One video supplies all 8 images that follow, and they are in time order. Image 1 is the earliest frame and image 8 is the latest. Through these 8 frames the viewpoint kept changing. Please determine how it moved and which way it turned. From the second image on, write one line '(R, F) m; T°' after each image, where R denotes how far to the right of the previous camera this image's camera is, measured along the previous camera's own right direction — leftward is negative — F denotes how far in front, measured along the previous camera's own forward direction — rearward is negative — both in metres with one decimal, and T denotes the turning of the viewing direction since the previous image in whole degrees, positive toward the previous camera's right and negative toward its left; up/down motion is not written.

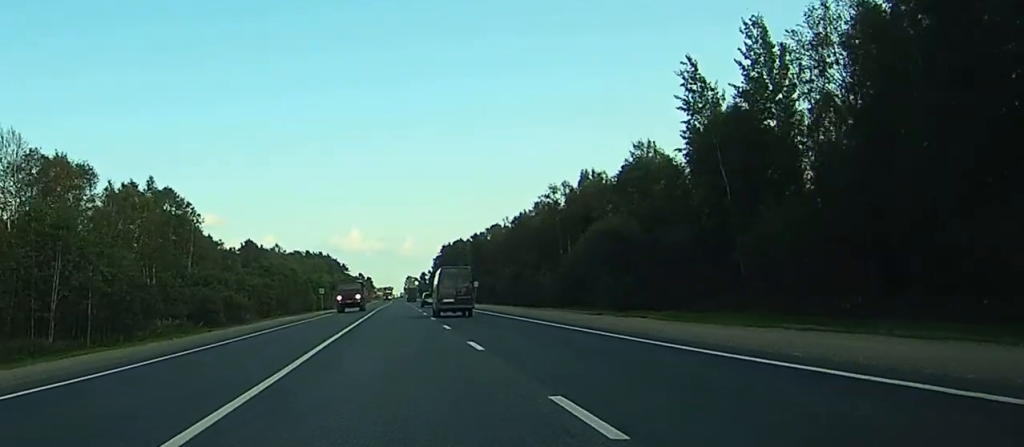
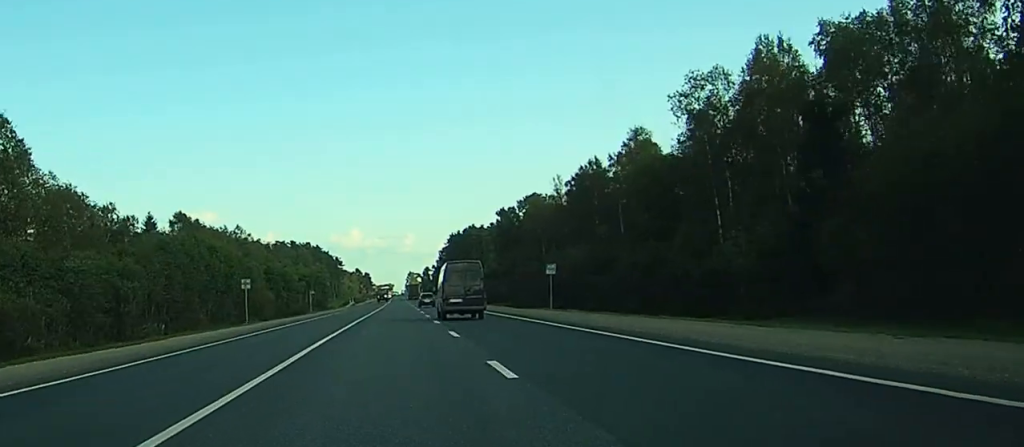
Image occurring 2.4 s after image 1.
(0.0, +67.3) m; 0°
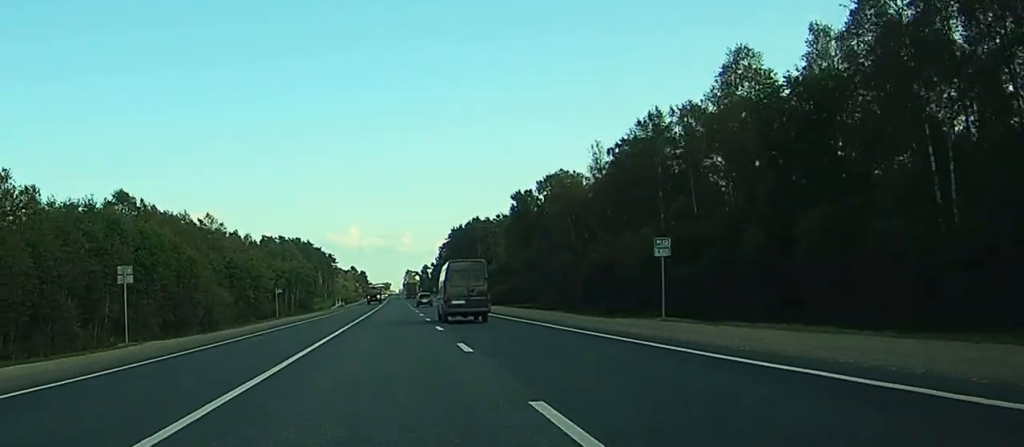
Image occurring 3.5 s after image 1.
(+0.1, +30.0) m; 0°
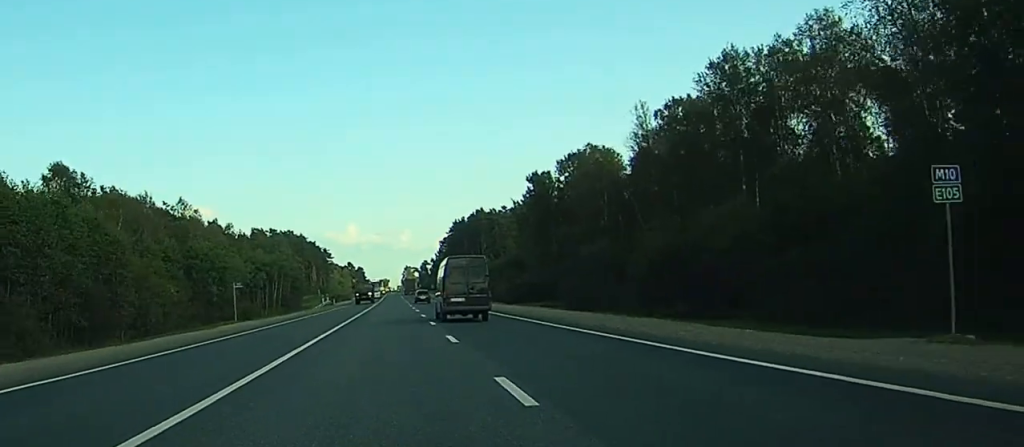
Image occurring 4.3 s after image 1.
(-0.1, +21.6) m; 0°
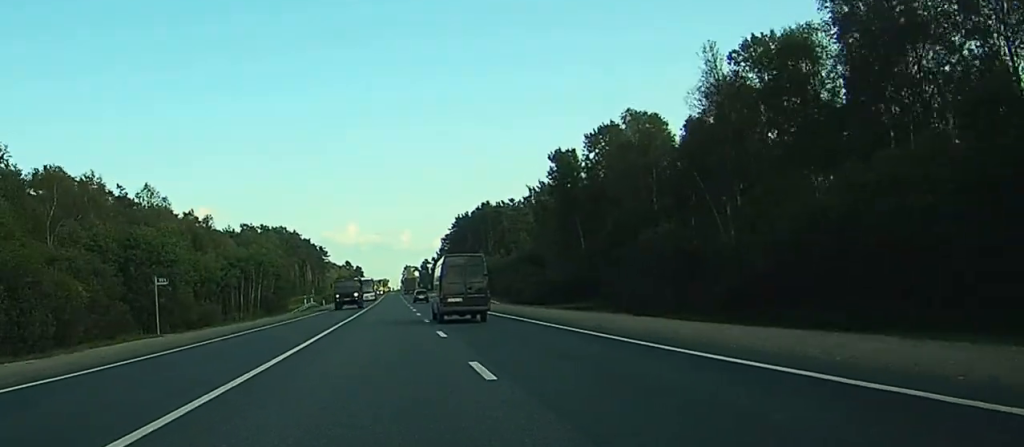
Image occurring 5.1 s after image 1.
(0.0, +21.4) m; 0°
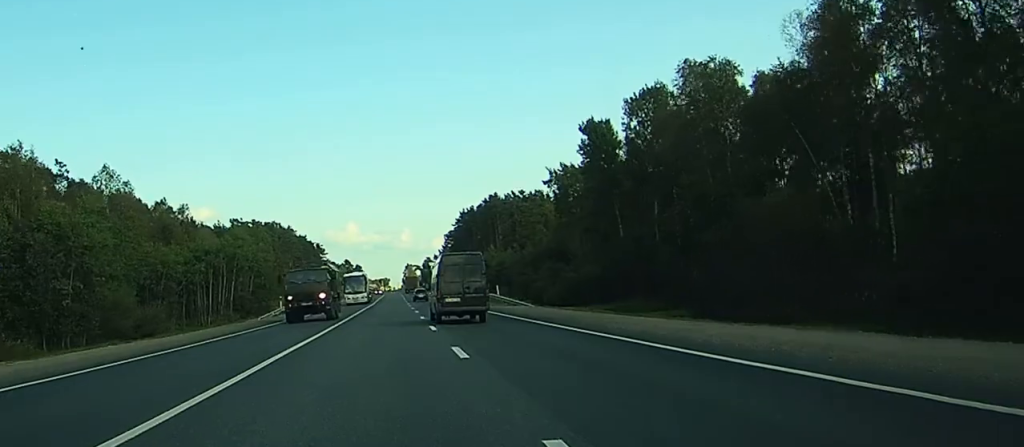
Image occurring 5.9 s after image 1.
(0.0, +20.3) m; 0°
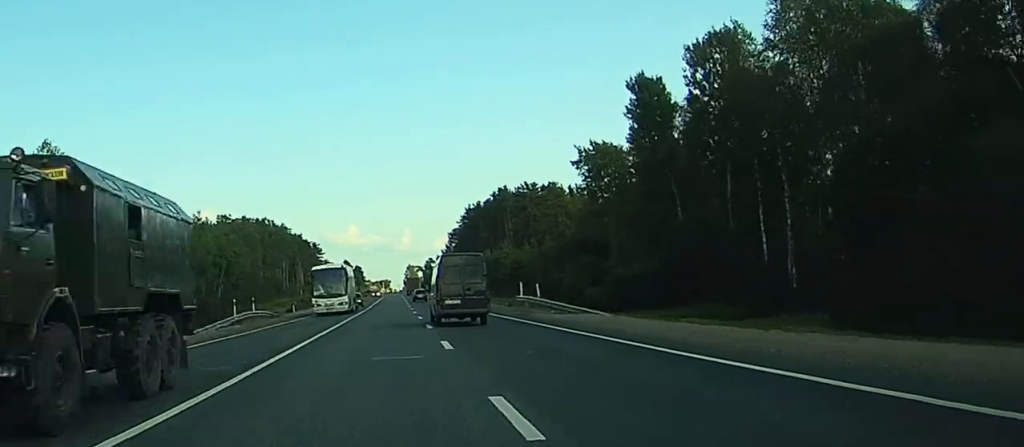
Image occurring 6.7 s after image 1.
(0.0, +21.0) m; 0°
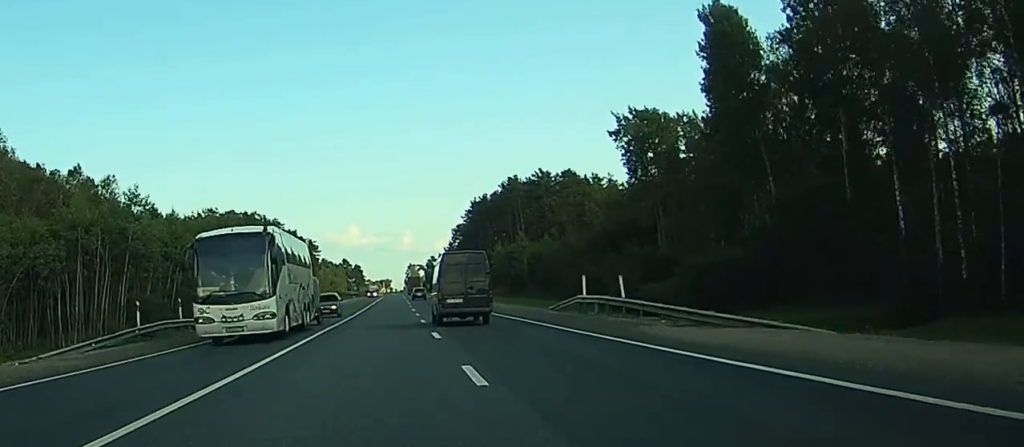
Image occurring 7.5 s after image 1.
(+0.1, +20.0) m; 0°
+ + + + +
EXERCISE OBJECTIVE:
Above are the records. Copy exactly, and only, the lines from the line containing "Image occurring 3.5 s after image 1." through the last one, omitting any pictures.

YOUR SOLUTION:
Image occurring 3.5 s after image 1.
(+0.1, +30.0) m; 0°
Image occurring 4.3 s after image 1.
(-0.1, +21.6) m; 0°
Image occurring 5.1 s after image 1.
(0.0, +21.4) m; 0°
Image occurring 5.9 s after image 1.
(0.0, +20.3) m; 0°
Image occurring 6.7 s after image 1.
(0.0, +21.0) m; 0°
Image occurring 7.5 s after image 1.
(+0.1, +20.0) m; 0°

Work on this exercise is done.